Large language model agents increasingly depend on memory to sustain long horizon interaction, but existing frameworks remain limited. Most expose only a few basic primitives such as encode, retrieve, and delete, while higher order operations like merge, promote, demote, split, lock, and expire are missing or inconsistently supported. Moreover, there is no formal and executable specification for memory commands, leaving scope and lifecycle rules implicit and causing unpredictable behavior across systems. We introduce Text2Mem, a unified memory operation language that provides a standardized pathway from natural language to reliable execution. Text2Mem defines a compact yet expressive operation set aligned with encoding, storage, and retrieval. Each instruction is represented as a JSON based schema instance with required fields and semantic invariants, which a parser transforms into typed operation objects with normalized parameters. A validator ensures correctness before execution, while adapters map typed objects either to a SQL prototype backend or to real memory frameworks. Model based services such as embeddings or summarization are integrated when required. All results are returned through a unified execution contract.

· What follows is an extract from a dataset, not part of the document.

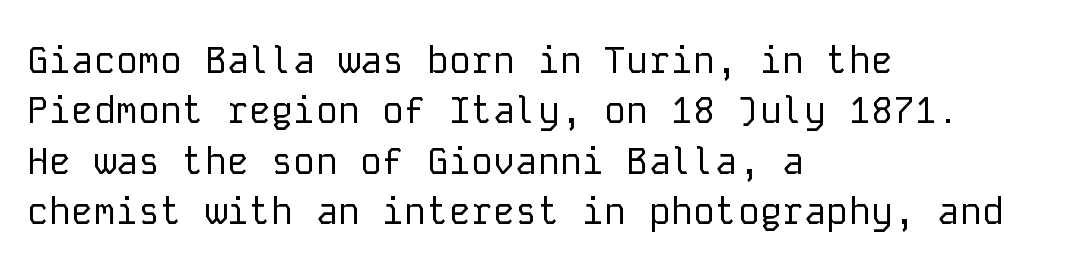
{"serif": "no", "italic": "no", "bold": "no", "weight": "regular", "width": "normal", "stroke_contrast": "low", "x_height": "medium", "monospaced": "yes", "underline": "no", "align": "left", "line_spacing": "normal", "line_spacing_ratio": 1.36, "letter_spacing": "normal", "letter_spacing_em": 0.0, "glyph_px": 37}
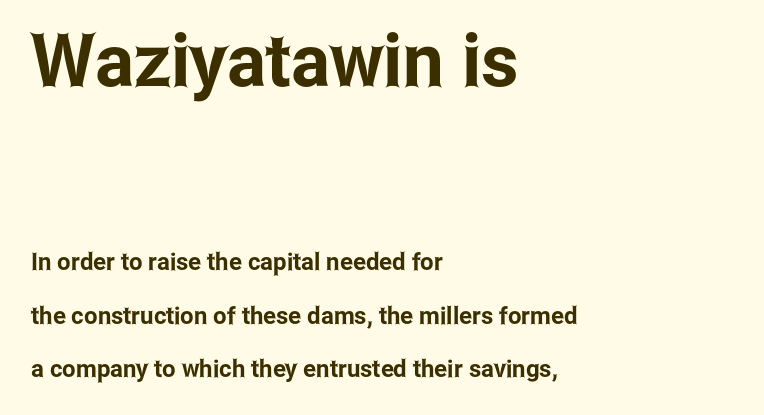
{"serif": "no", "italic": "no", "width": "condensed", "stroke_contrast": "low", "x_height": "medium", "monospaced": "no", "underline": "no", "align": "left", "line_spacing": "loose", "line_spacing_ratio": 2.23, "letter_spacing": "normal", "letter_spacing_em": 0.0, "larger_block": "first", "size_ratio": 3.04, "glyph_px": 73}

This design ensures safety, determinism, and portability across heterogeneous backends. We also outline Text2Mem Bench, a planned benchmark that separates schema generation from backend execution to enable systematic evaluation. Together, these components establish the first standardized foundation for memory control in agents.

Paper Structure

This paper contains 49 sections, 3 equations, 3 figures, 2 tables.

Figures (3)

  • Figure 1: Ambiguity and inconsistency in current systems versus Text2Mem’s formalized handling. Left: The natural language instruction "I'd rather not bring up anything about lunch for now" is underspecified. Scope, action, and duration are unclear, leading to inconsistent behaviors across agents (temporary suppression, hard deletion, or ignoring). Right: Text2Mem resolves the ambiguity by instantiating a schema-based Demote operation with explicit arguments. The validator, parser, and adapter guarantee consistent execution across heterogeneous backends.
  • Figure 2: Illustration of the Text2Mem execution pathway. Natural language instructions are normalized into memory operation schema instances, which are validated, parsed into typed operation objects, and finally executed through adapters to real memory frameworks or, alternatively, through a SQL-based prototype backend for controlled verification.
  • Figure 3: Overview of the Text2Mem Benchmark pipeline. The process consists of three generation stages and two evaluation layers. Step 1: Scenarios are converted into realistic natural-language requests. Step 2: The requests are translated into executable memory operation schemas (schema_list) with corresponding prerequisites. Step 3: Expected outcomes are defined for automatic verification after execution. Two evaluation layers assess system performance: Plan-level evaluation measures string-match accuracy and execution success rate of generated schemas; Execution-level evaluation measures expectation match rate and retrieval-based metrics to quantify behavioral correctness after running the schema_list in the Text2Mem system.